--- What to produce ---
In the records below, find the line containing "This frame came 25.3 seconds after image 1." and the line containing "This frame came 37.5 seconds after image 1.". Give again exactly those lines and every line between them, omitting the pictures.

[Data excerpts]
%%

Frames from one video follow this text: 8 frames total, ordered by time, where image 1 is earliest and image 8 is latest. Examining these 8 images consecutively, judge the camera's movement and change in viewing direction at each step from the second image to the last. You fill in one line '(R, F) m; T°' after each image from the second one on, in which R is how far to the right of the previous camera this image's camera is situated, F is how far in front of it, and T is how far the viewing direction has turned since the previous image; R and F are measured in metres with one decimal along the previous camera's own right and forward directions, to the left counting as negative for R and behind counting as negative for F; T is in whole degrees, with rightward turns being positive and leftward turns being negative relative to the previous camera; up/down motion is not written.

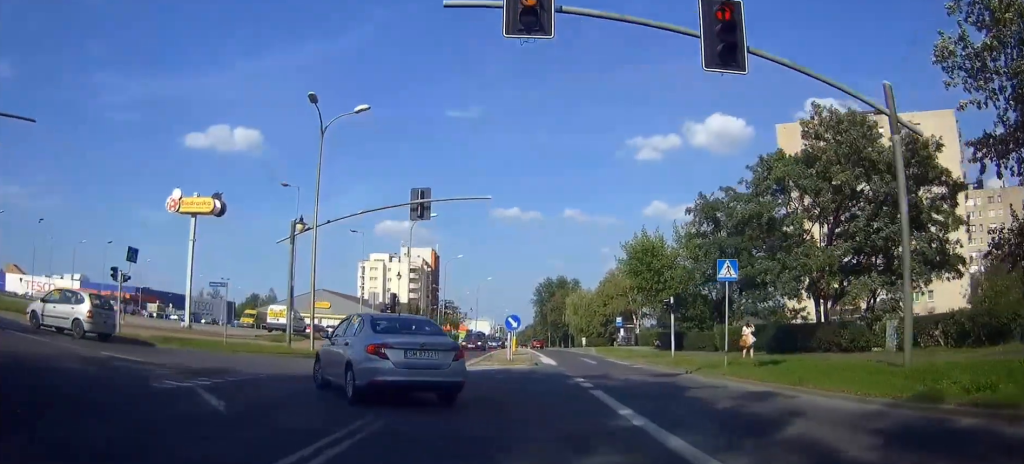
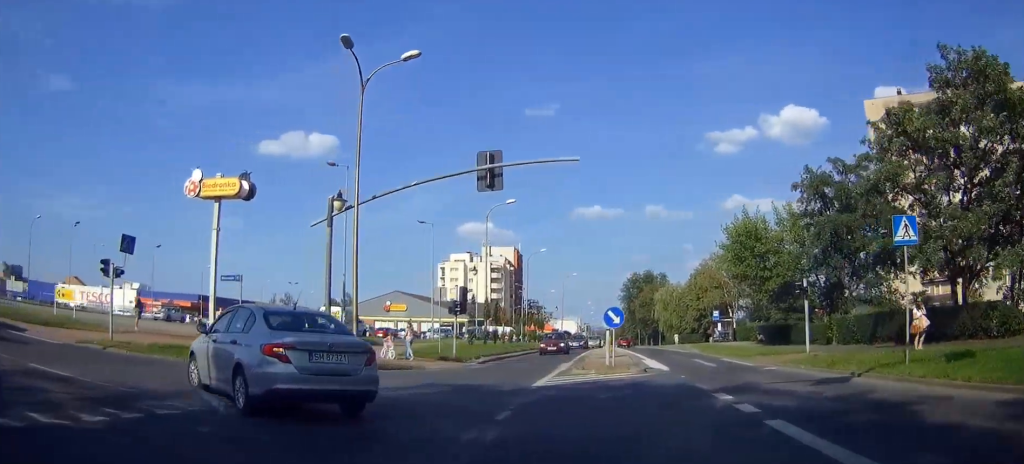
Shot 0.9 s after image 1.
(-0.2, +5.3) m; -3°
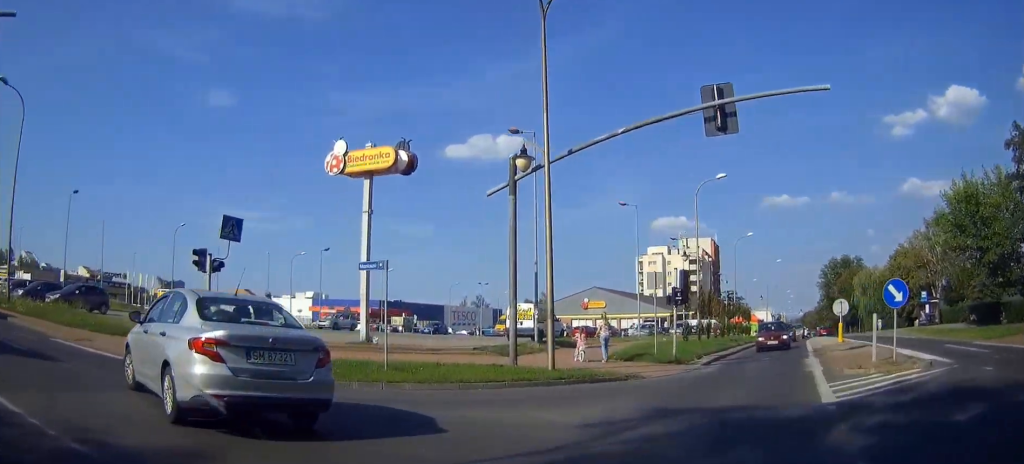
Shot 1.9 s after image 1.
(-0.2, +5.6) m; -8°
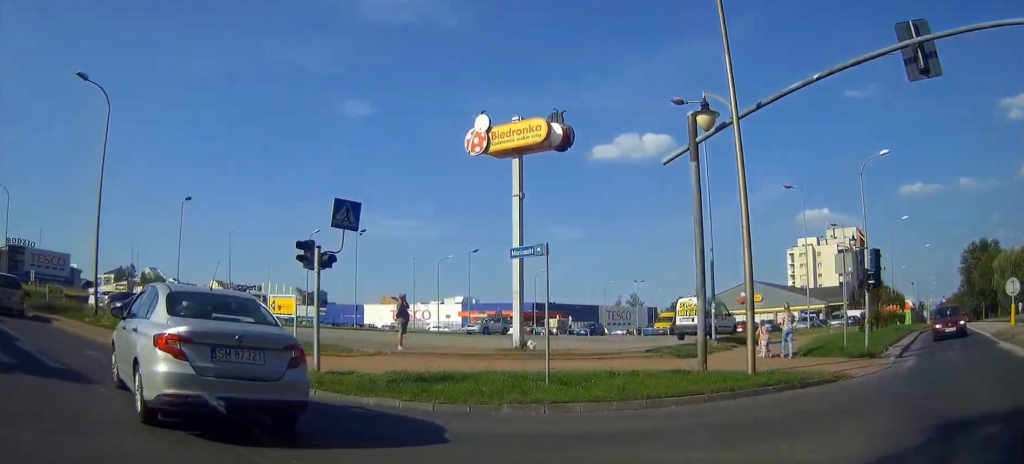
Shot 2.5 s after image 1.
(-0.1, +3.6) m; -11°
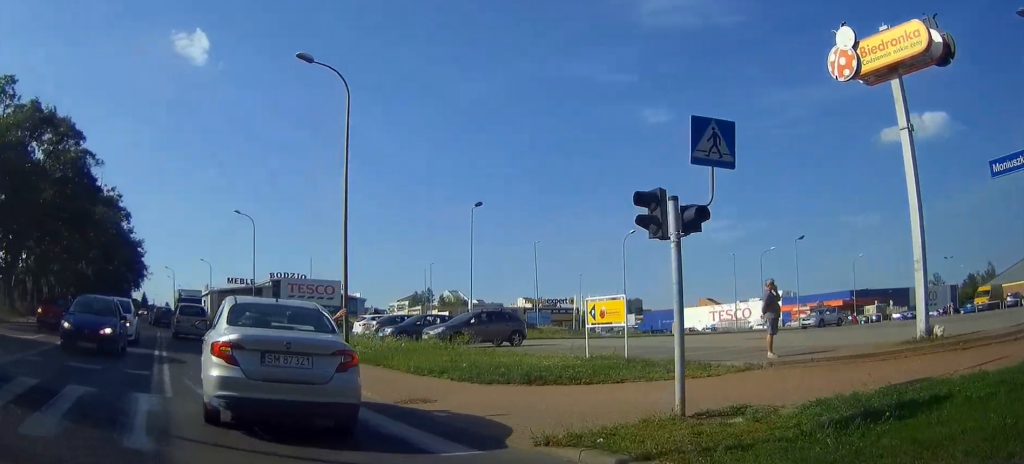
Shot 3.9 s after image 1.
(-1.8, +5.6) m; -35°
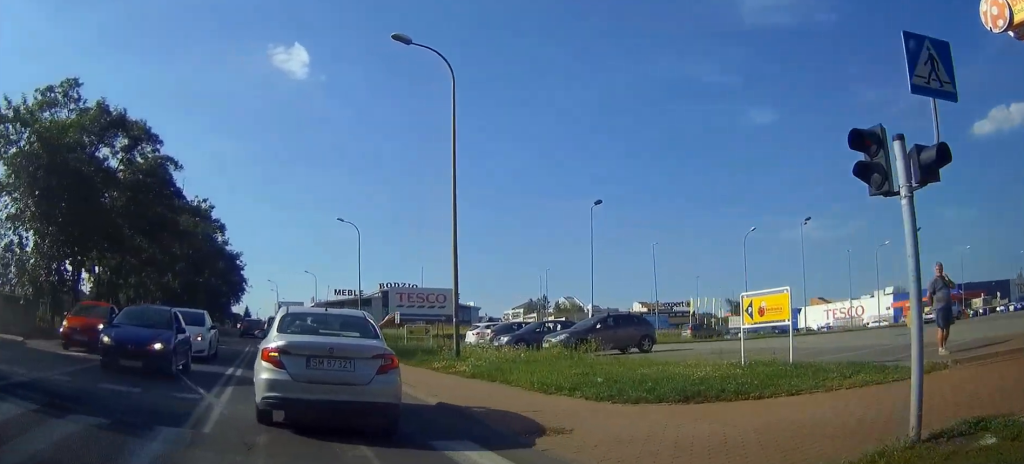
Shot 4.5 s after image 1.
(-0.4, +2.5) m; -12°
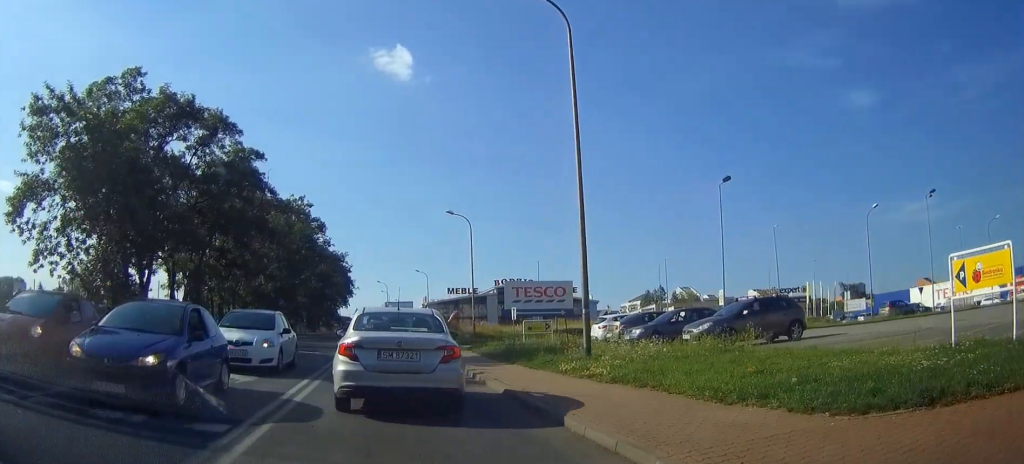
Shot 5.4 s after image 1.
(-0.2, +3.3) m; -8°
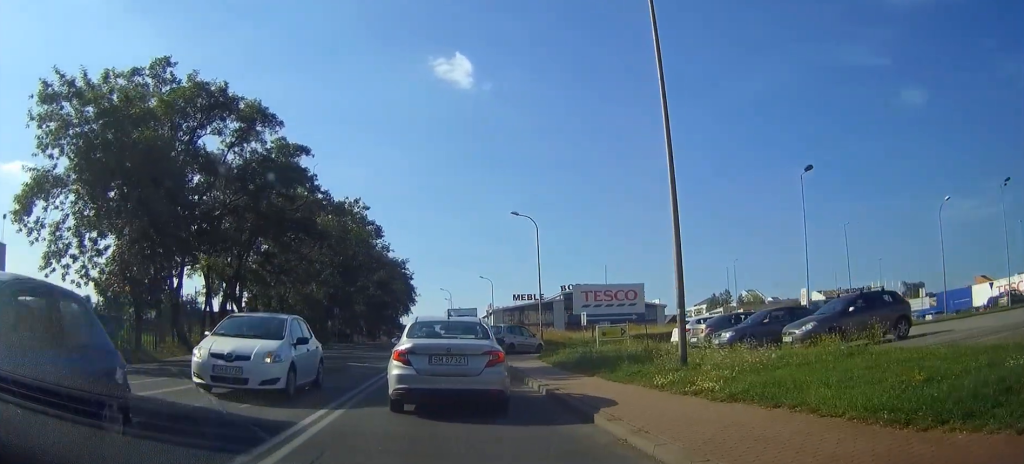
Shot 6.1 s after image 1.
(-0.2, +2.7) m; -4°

%%
%%

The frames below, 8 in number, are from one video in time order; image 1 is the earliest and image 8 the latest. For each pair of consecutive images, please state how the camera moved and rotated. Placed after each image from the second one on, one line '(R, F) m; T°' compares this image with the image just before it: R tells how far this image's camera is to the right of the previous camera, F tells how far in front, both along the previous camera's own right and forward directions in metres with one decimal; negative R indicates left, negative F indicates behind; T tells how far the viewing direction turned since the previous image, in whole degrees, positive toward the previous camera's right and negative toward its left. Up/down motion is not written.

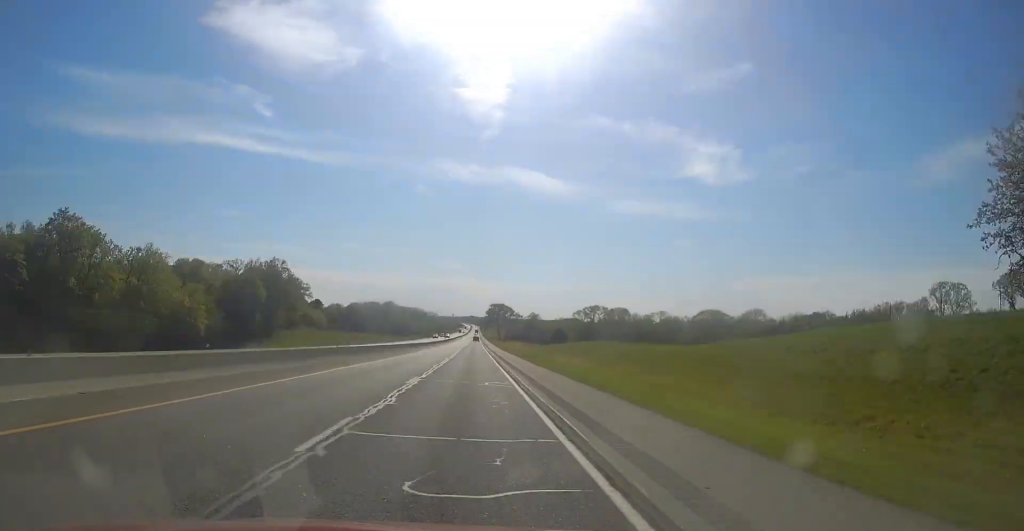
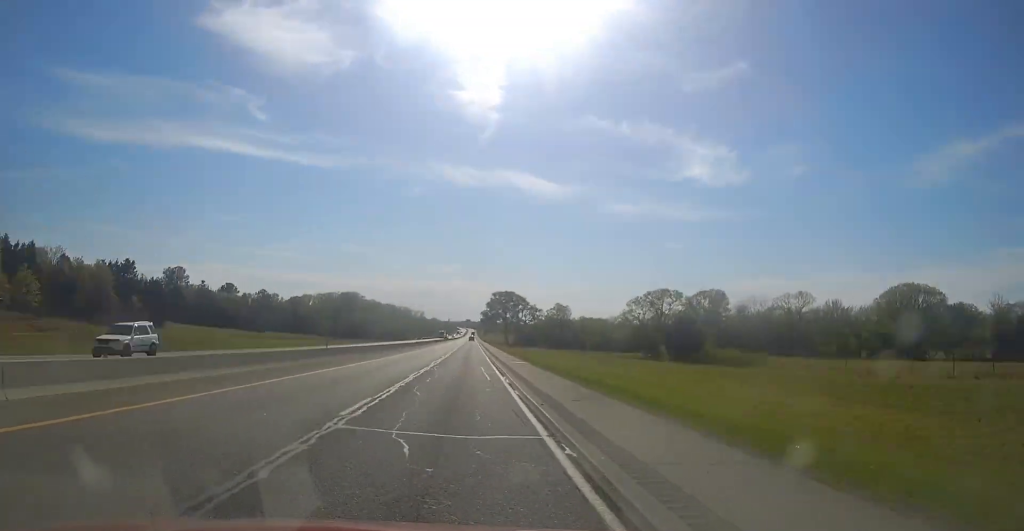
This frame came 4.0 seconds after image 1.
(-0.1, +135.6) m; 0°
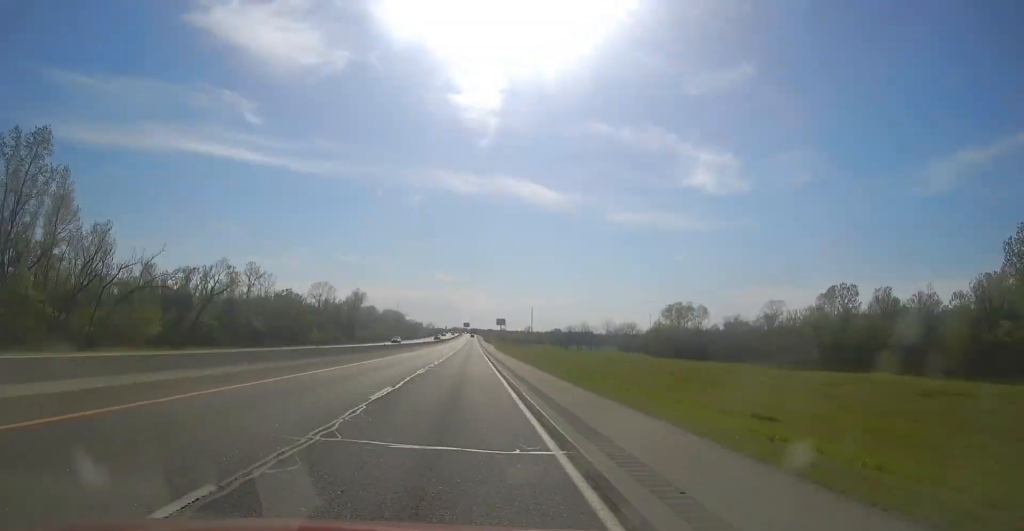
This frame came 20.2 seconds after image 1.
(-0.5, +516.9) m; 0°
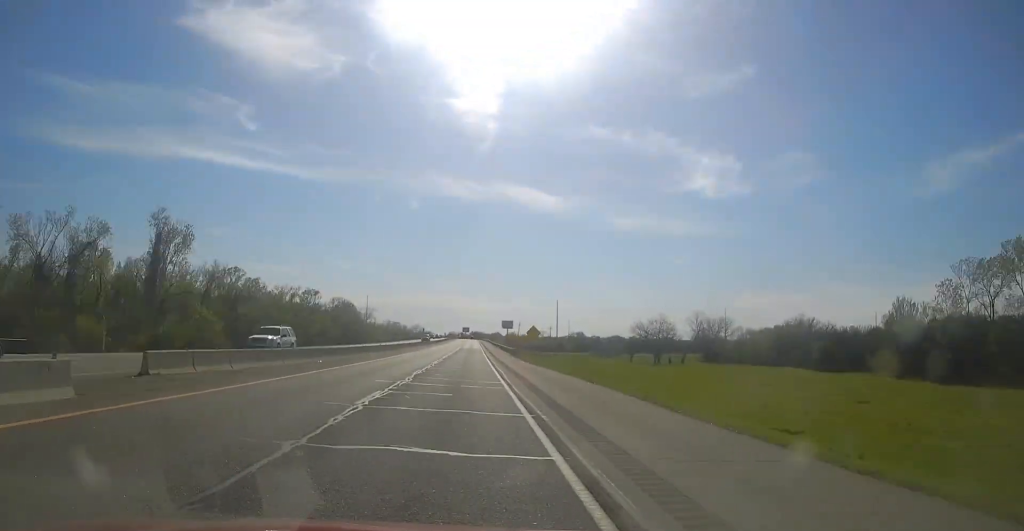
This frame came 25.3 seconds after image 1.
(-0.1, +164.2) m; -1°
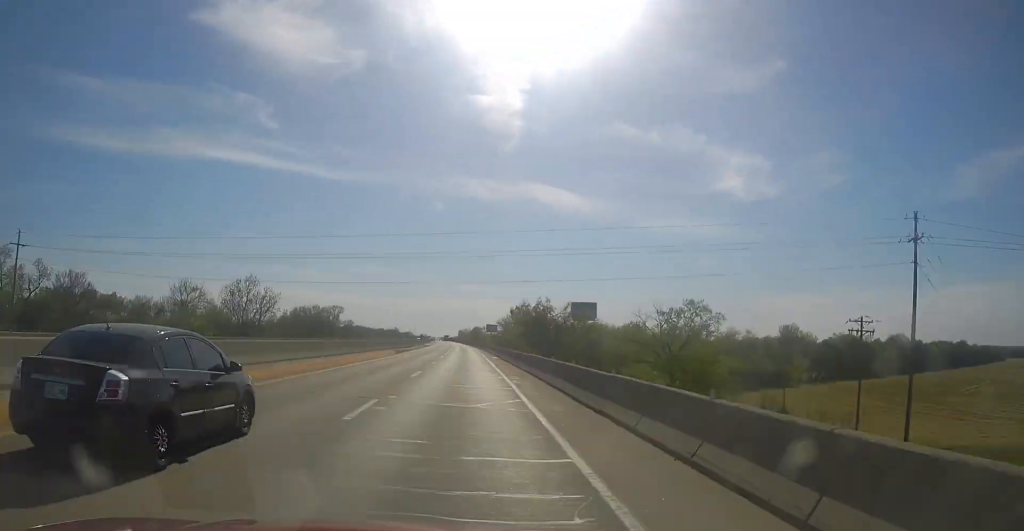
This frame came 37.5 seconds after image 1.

%%
%%

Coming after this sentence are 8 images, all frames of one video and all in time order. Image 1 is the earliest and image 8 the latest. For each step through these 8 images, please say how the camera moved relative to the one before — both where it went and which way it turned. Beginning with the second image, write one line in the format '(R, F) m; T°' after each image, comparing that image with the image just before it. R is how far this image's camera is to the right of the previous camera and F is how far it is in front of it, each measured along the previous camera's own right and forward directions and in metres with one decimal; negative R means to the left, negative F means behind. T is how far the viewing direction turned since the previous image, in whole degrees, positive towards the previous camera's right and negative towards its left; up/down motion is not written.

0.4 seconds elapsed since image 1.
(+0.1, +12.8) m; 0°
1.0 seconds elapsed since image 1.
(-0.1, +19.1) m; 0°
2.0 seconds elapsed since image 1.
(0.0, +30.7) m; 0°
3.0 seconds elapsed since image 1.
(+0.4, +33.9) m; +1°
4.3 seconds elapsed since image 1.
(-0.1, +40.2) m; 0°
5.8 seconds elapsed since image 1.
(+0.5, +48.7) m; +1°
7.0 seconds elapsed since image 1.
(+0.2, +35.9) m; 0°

%%

--- Reply to the task ---
This frame came 25.3 seconds after image 1.
(-0.1, +164.2) m; -1°
This frame came 37.5 seconds after image 1.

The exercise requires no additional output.